Activity: From the material below, copy exactly the lines beginning with the one that contains "(00:00:01.600)" and ending with the one that contains "(00:00:03.100)"; the pictures stay out.

● ● ●

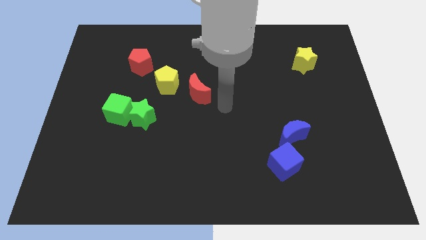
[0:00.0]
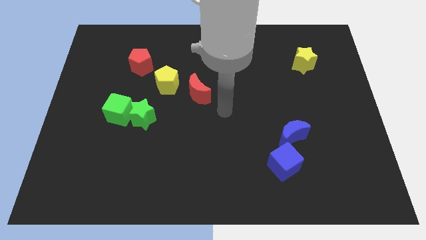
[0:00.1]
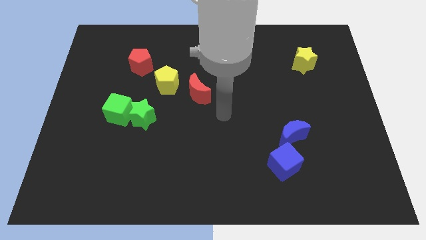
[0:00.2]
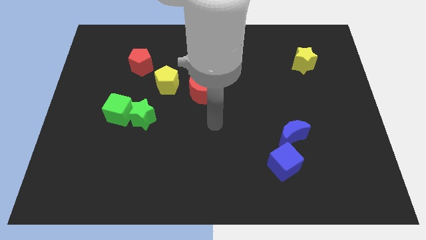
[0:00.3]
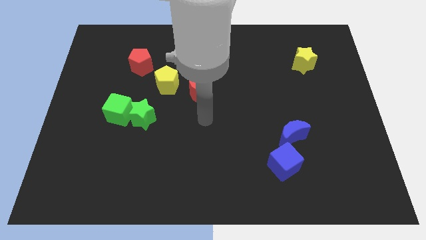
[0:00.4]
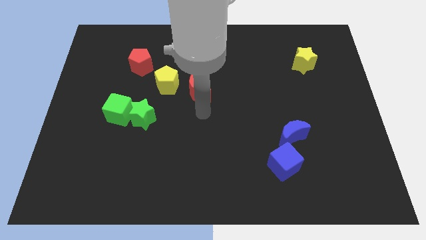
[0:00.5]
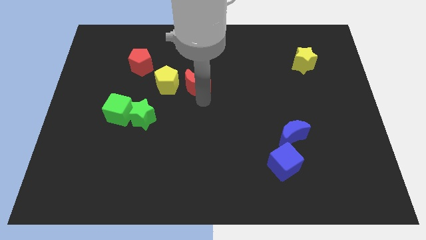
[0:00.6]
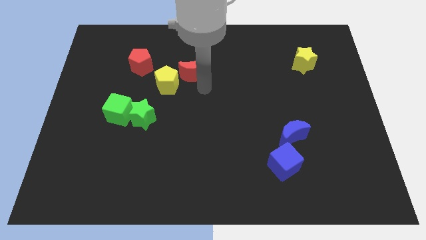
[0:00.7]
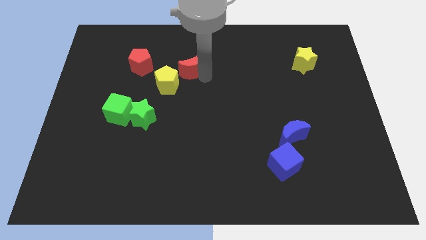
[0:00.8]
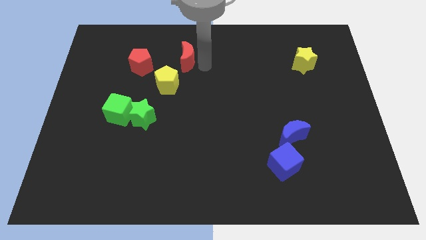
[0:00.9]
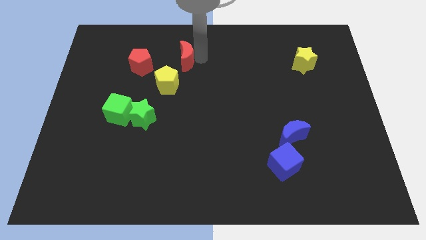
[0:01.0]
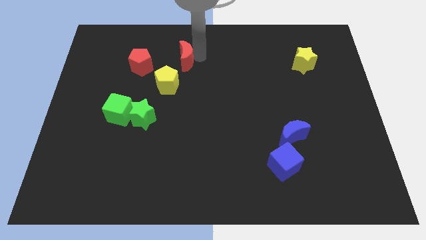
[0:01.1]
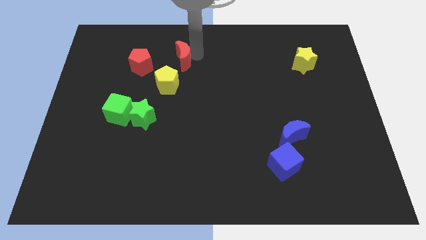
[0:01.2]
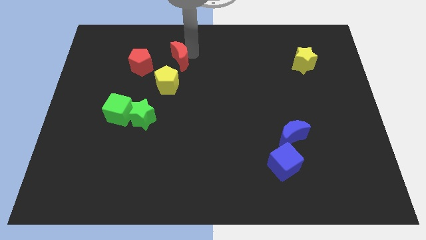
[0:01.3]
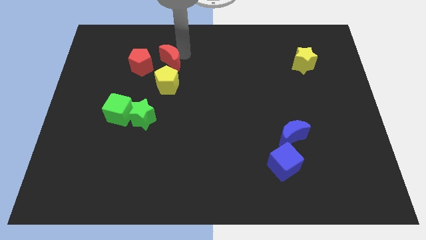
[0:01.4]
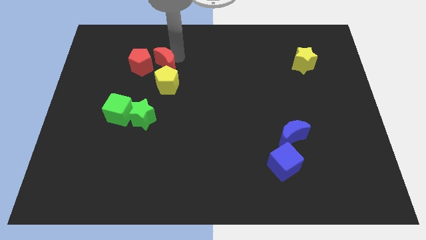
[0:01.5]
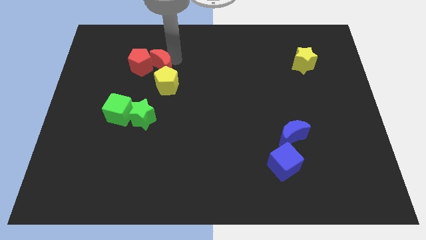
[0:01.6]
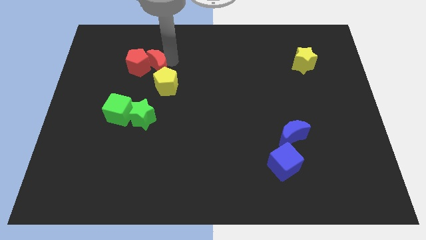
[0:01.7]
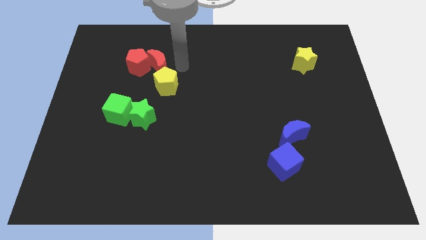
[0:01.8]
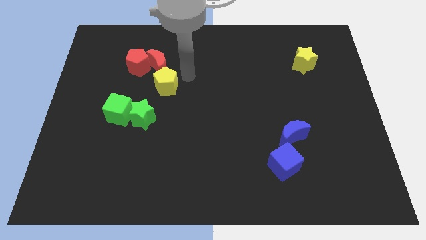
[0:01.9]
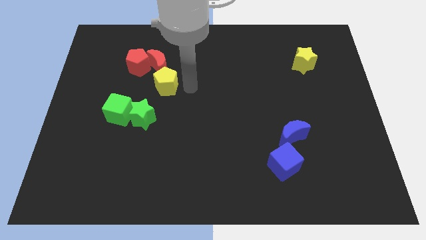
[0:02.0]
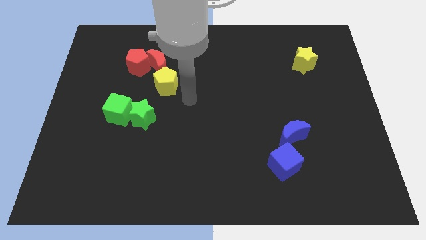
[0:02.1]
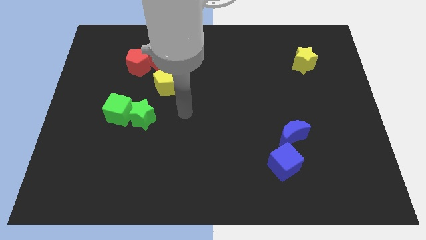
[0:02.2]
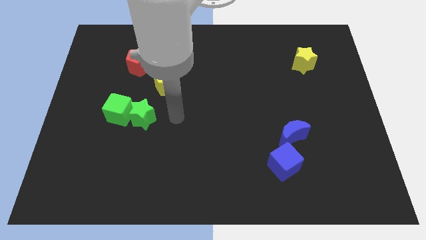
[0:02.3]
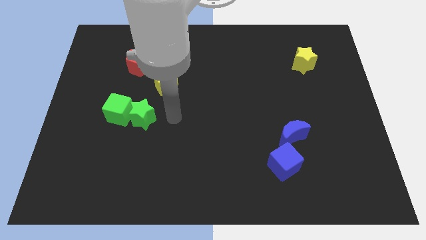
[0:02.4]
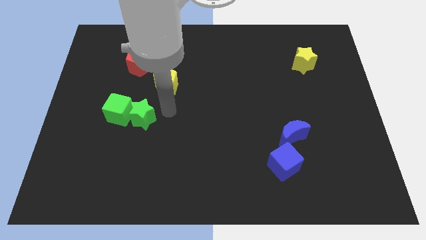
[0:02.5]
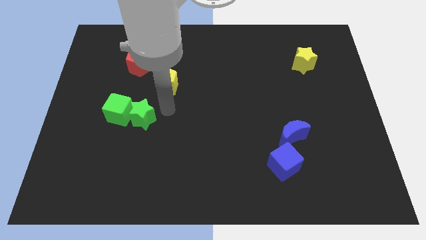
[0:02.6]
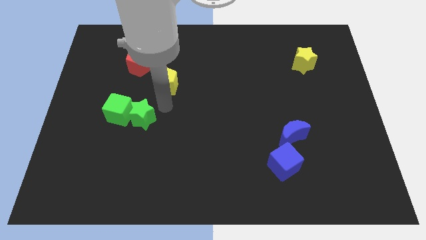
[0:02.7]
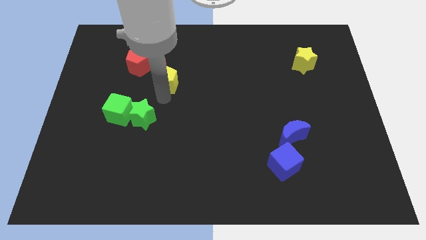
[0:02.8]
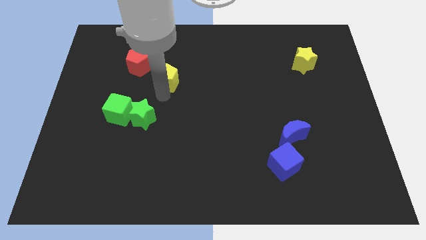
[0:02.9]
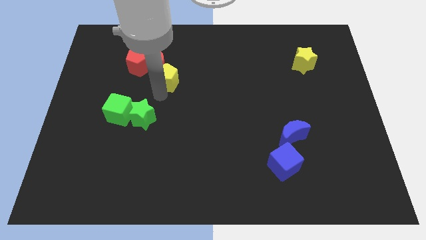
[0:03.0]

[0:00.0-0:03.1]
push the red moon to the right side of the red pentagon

● ● ●

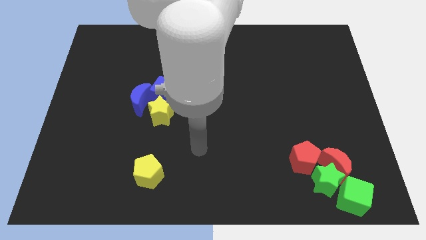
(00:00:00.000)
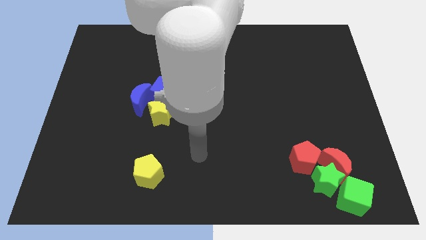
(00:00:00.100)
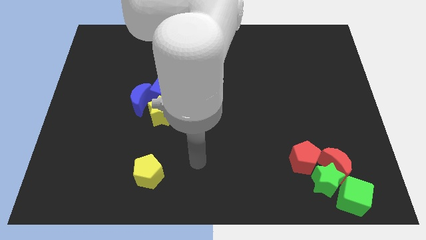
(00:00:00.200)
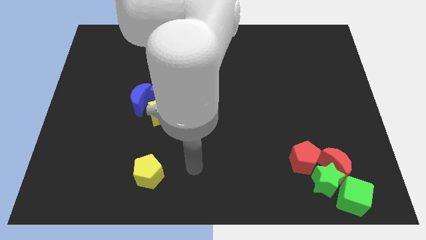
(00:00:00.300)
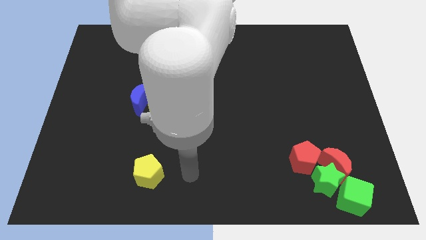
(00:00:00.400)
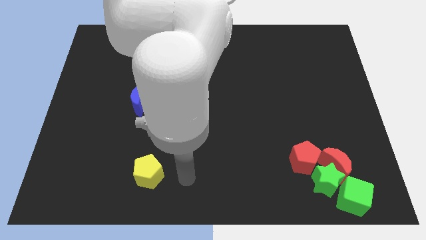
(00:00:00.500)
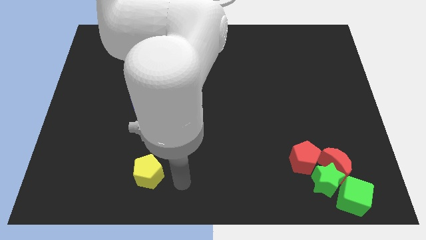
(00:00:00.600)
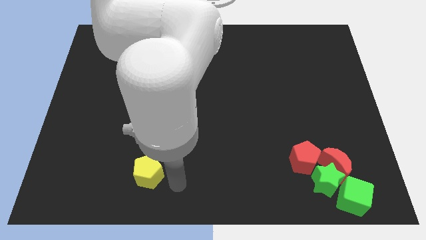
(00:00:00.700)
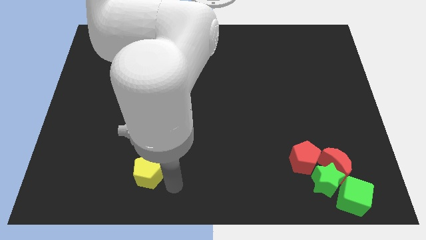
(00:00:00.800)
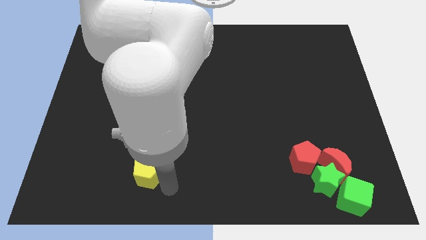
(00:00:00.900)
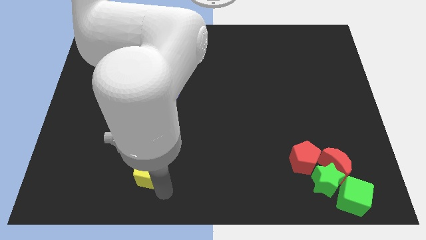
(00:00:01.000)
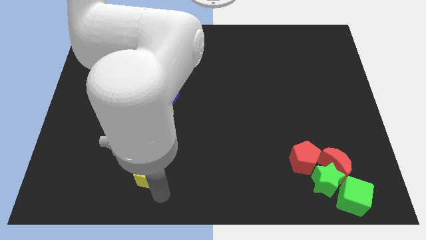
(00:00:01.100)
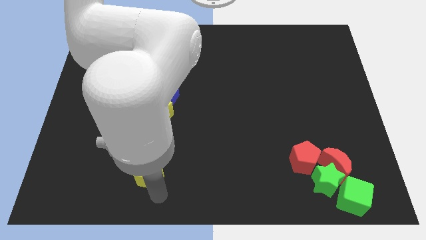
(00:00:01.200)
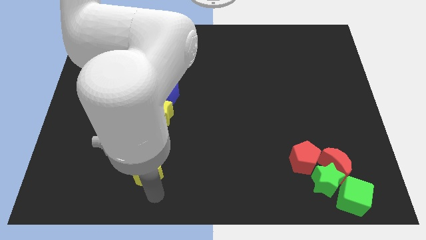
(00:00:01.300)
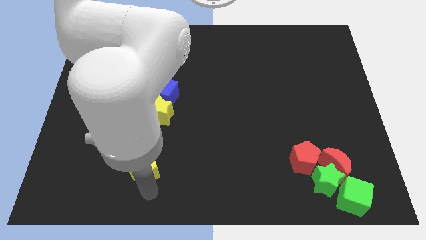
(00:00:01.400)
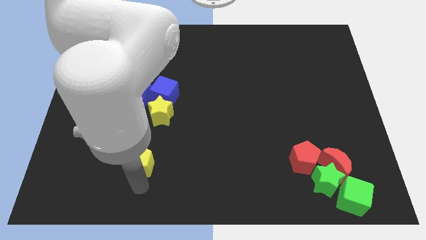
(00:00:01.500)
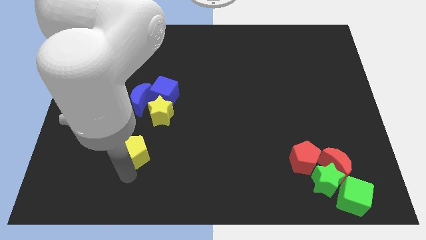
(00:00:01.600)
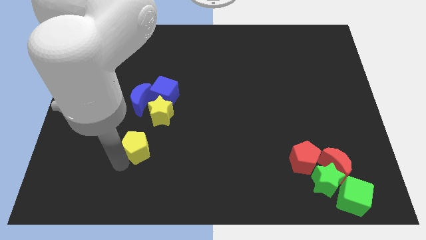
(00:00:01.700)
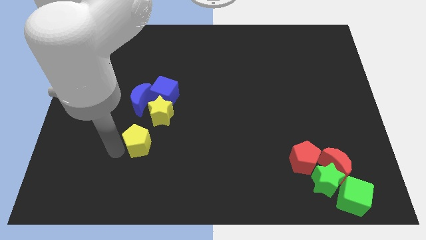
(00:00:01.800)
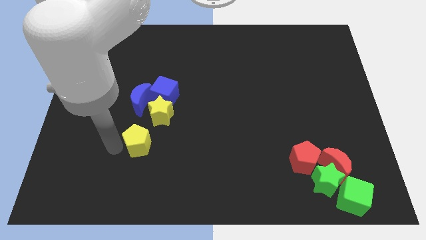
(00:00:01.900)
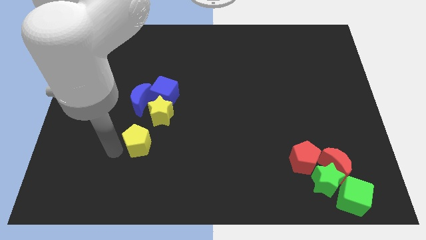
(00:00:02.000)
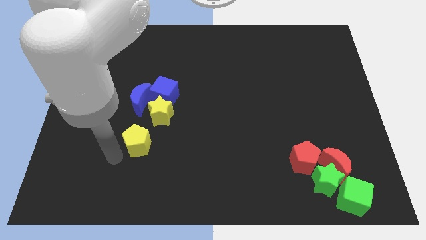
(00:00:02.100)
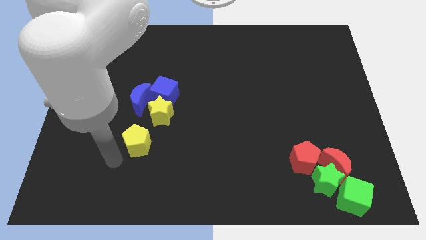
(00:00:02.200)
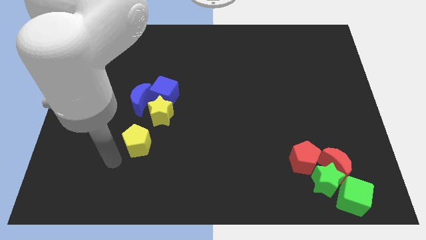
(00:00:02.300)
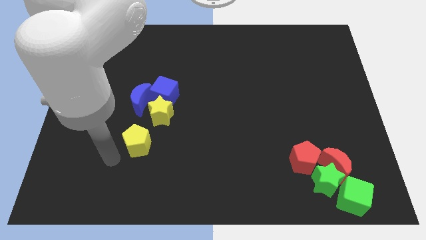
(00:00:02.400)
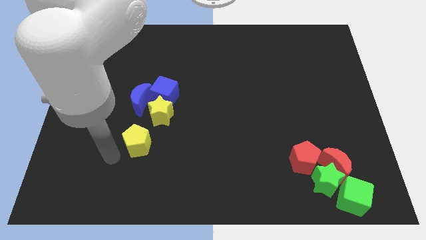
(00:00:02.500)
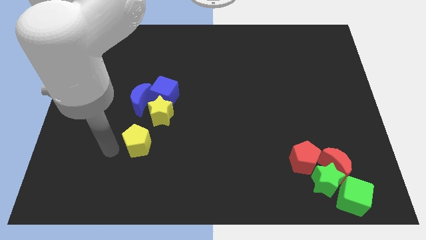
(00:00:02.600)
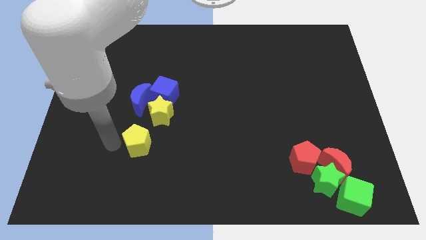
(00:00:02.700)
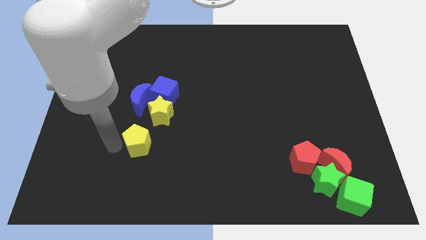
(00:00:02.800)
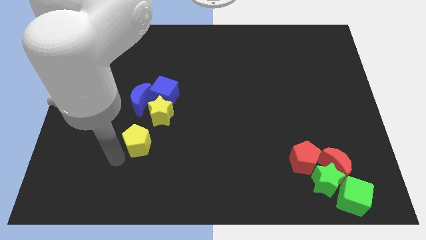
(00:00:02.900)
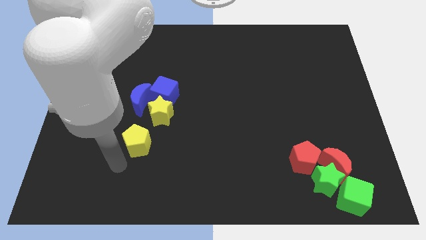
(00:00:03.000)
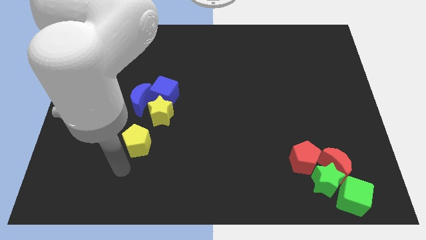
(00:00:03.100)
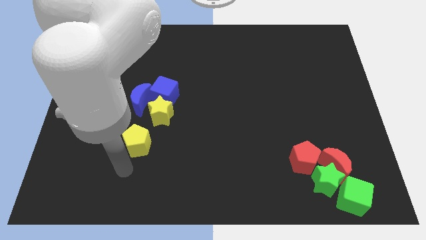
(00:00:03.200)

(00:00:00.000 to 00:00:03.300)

● ● ●

Result:
(00:00:01.600)
(00:00:01.700)
(00:00:01.800)
(00:00:01.900)
(00:00:02.000)
(00:00:02.100)
(00:00:02.200)
(00:00:02.300)
(00:00:02.400)
(00:00:02.500)
(00:00:02.600)
(00:00:02.700)
(00:00:02.800)
(00:00:02.900)
(00:00:03.000)
(00:00:03.100)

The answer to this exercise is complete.